Basic income or loss per common share is based upon the average number of shares of common stock outstanding during the period. There were no dilutive shares in 2007 or 2008. Potentially dilutive securities from stock options are discussed in Note 10.
Income Taxes
We use the asset and liability method of accounting for income taxes. Under the asset and liability method, deferred income tax assets and liabilities are recognized for the future income tax consequences attributable to differences between the financial statement carrying amounts of existing assets and liabilities and their respective income tax bases and operating loss and income tax credit carry-forwards. Deferred income tax assets and liabilities are measured using enacted tax rates expected to apply to taxable income in the years in which those temporary differences are expected to be recovered or settled. The effect on deferred income tax assets and liabilities of a change in income tax rates is recognized in the period that includes the enactment date.
Other Comprehensive Loss
We have applied the provisions of Statement of Financial Accounting Standards (SFAS) SFAS No. 109, Accounting for Income Taxes, (SFAS 109) to our gains and losses included in other comprehensive loss but excluded them from our net income or loss. On a net basis for 2008 and 2007, there was a deferred income tax asset as a result of the items reflected in comprehensive loss. However, in applying SFAS 109 we determined that it is more likely than not that we will not realize such net deferred income tax assets and have therefore established a valuation allowance against the full amount of the net deferred income tax asset. Accordingly, the net income tax effect of the items included in other comprehensive loss is zero. Therefore, we have included no income tax expense or benefit in relation to items reflected in other comprehensive loss.

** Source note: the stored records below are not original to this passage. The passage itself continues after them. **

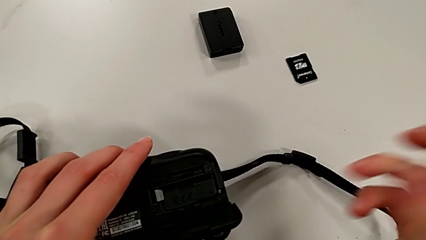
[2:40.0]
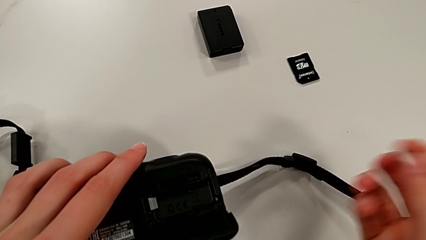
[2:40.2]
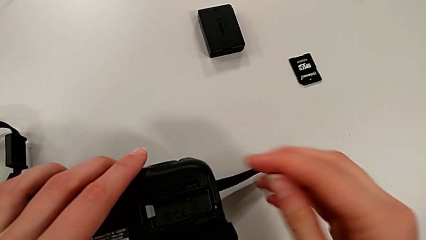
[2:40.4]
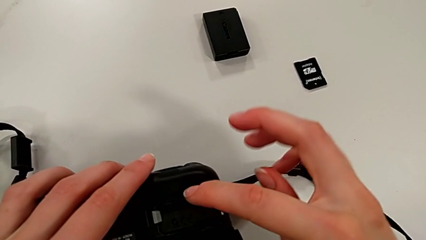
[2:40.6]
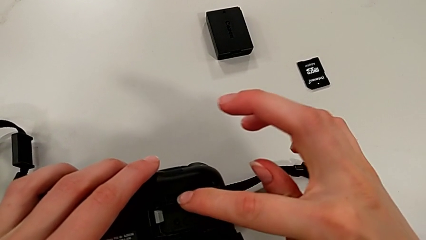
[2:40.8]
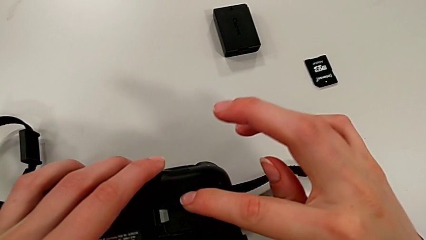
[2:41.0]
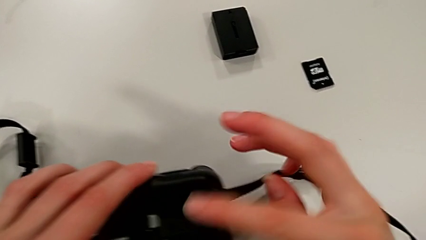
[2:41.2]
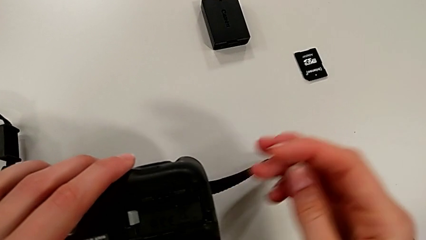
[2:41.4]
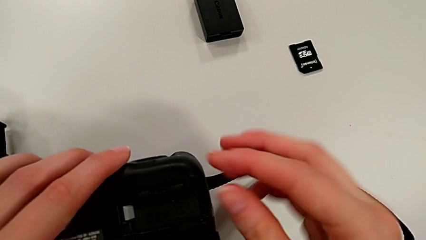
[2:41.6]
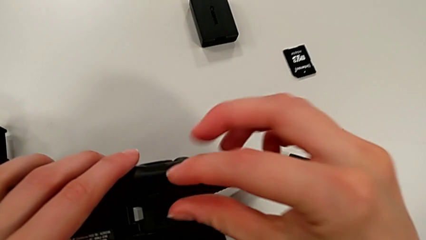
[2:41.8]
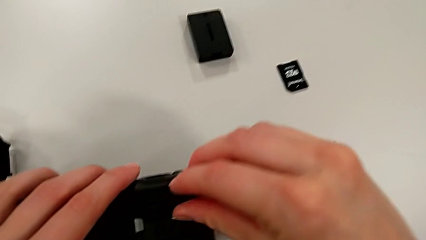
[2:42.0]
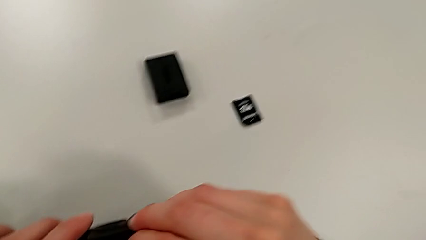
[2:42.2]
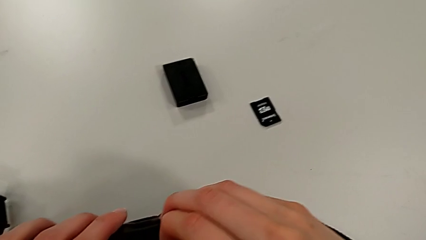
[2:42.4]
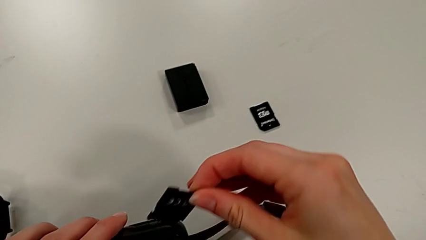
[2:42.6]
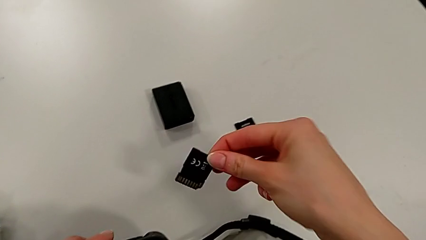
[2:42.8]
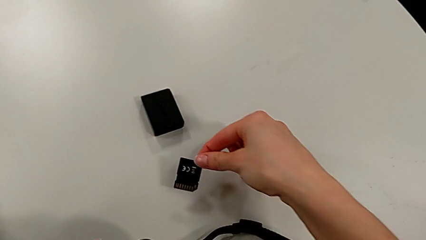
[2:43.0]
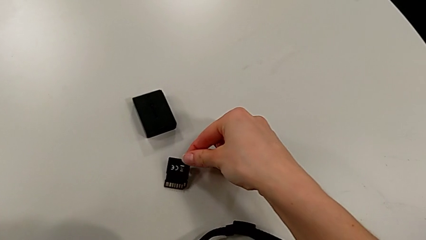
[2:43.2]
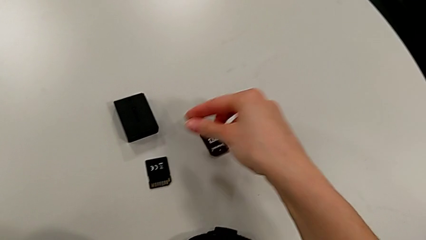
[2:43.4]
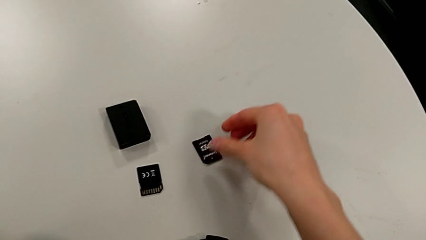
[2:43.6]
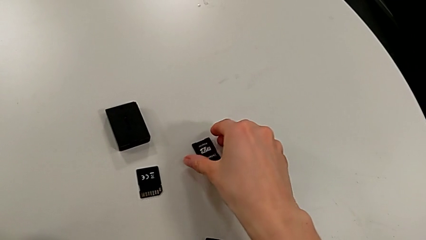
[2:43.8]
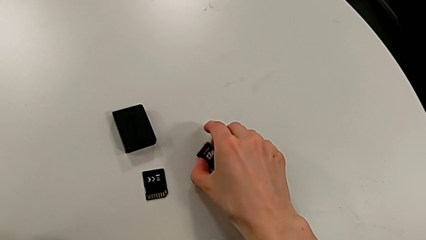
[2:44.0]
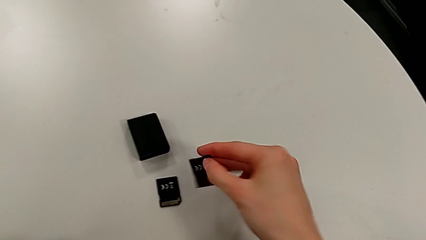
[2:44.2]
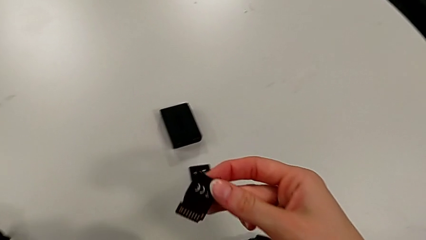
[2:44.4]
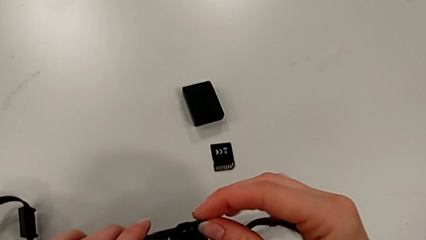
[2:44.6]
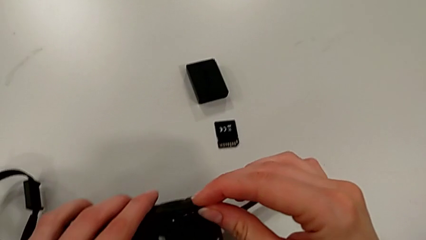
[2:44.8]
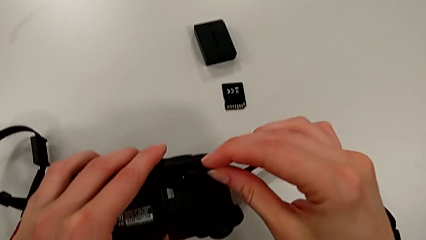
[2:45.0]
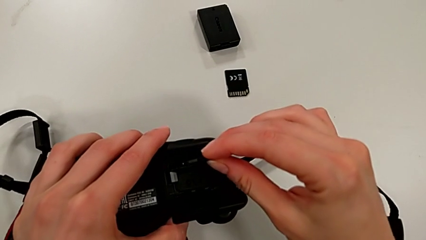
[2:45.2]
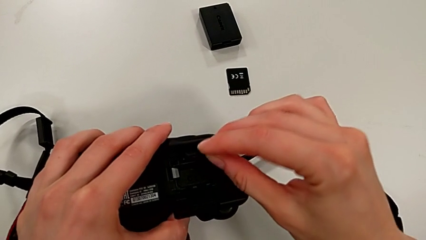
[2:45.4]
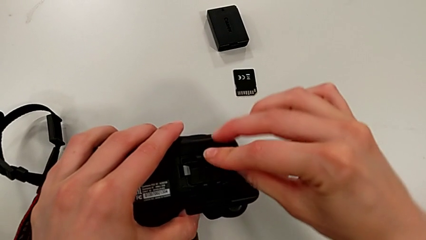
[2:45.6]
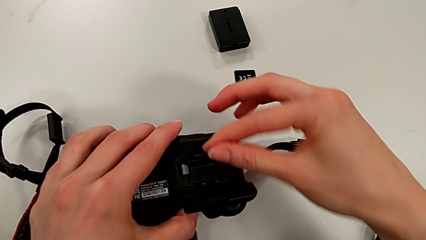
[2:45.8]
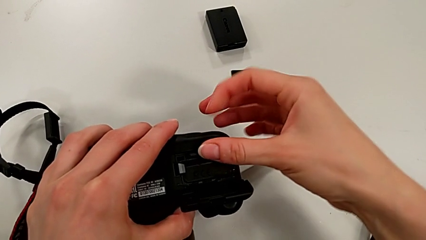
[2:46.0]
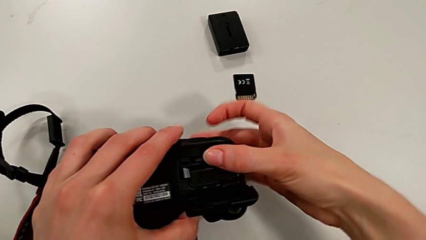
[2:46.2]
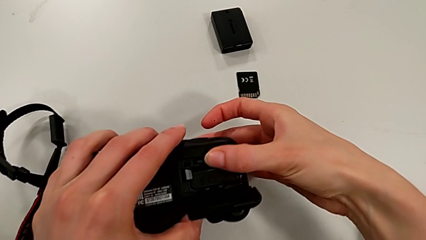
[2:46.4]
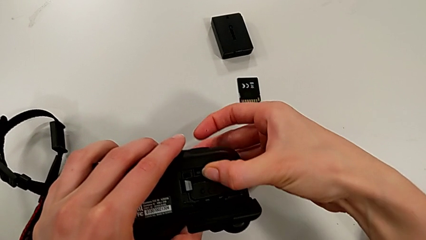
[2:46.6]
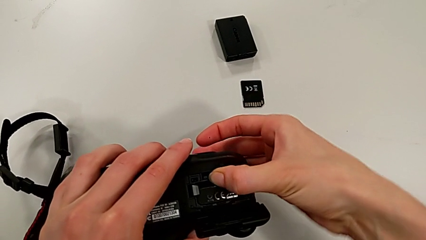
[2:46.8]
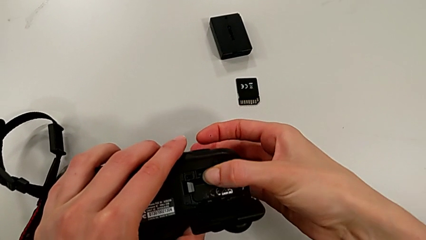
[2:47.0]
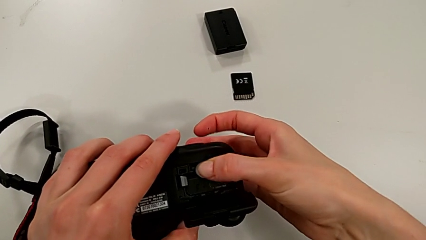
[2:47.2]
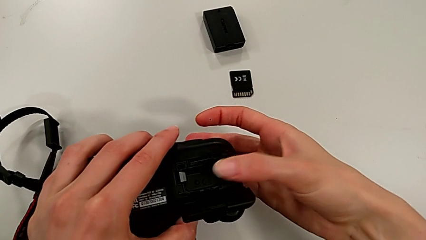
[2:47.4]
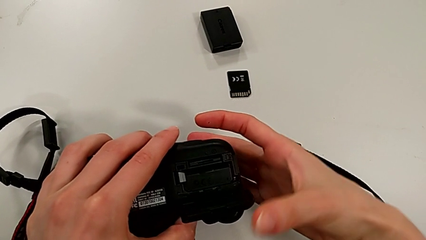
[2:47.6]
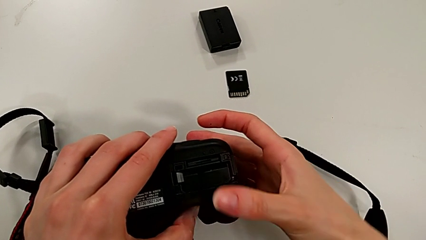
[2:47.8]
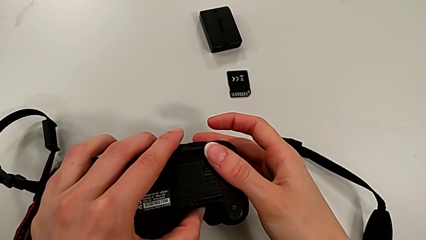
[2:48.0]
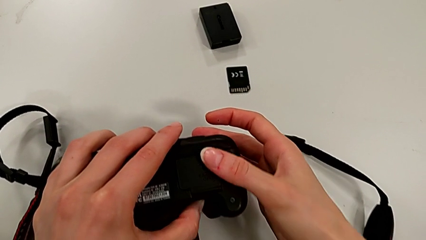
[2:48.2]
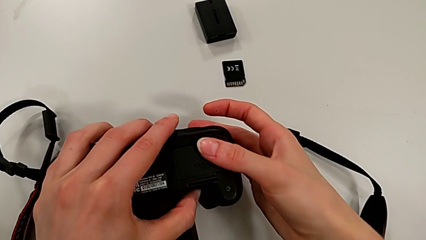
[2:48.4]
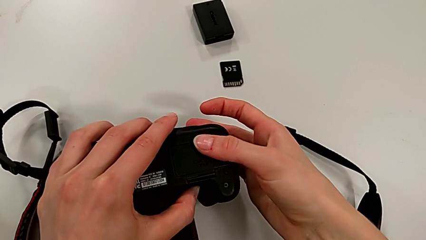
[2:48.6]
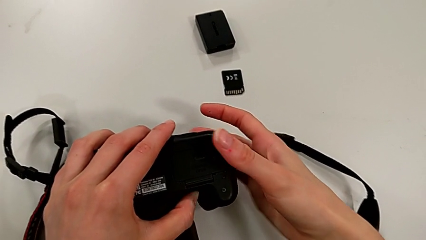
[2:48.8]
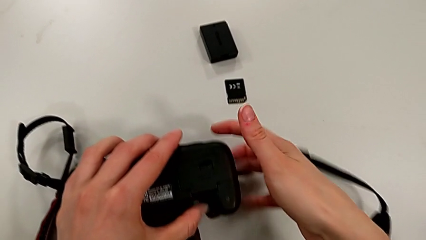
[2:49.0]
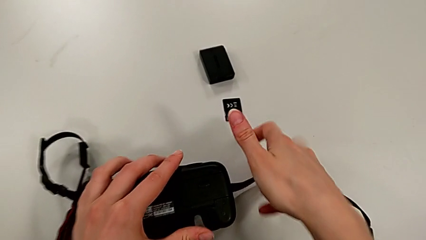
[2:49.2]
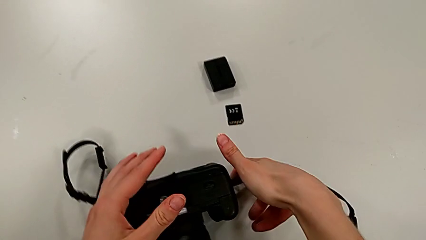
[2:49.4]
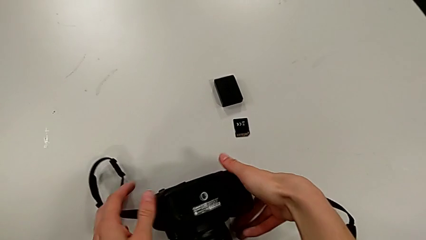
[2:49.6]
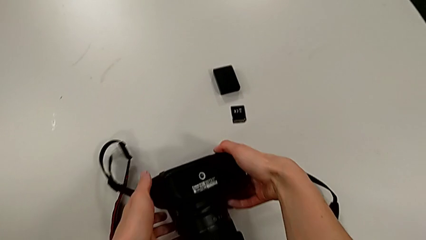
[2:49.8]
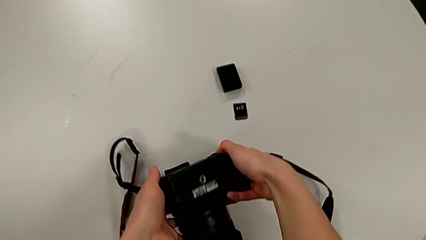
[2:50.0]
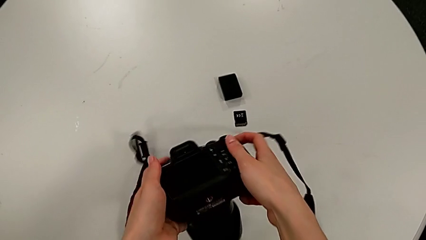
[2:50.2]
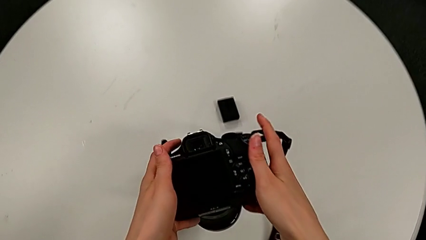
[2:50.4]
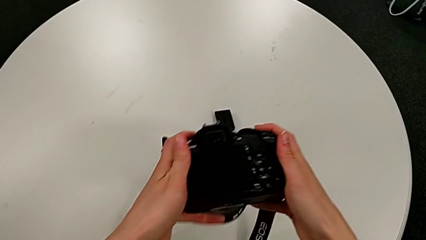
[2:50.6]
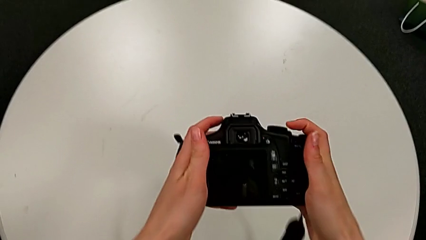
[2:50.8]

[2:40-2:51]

The components of accumulated other comprehensive loss were as follows as of December 31:
Leases
We recognize scheduled rent increases on a straight-line basis over the lease term, which may include optional lease renewal terms, and deferred rent income and expense are recognized to reflect the difference between the rent paid or received in the current period and the calculated straight-line amount.
Goodwill
In accordance with the provisions of SFAS No. 142, Goodwill and Other Intangible Assets, the Company tests its recorded goodwill for impairment on an annual basis during the fourth quarter, or more often if indicators of potential impairment exist, by determining if the carrying value of each reporting unit exceeds its estimated fair value. Factors that could trigger impairment include, but are not limited to, underperformance relative to historical or projected future operating results, significant changes in the manner of use of the acquired assets or the Companys overall business and significant negative industry or economic trends. Future impairment reviews may require write-downs in the Companys goodwill and could have a material adverse impact on the Companys operating results for the periods in which such write-downs occur.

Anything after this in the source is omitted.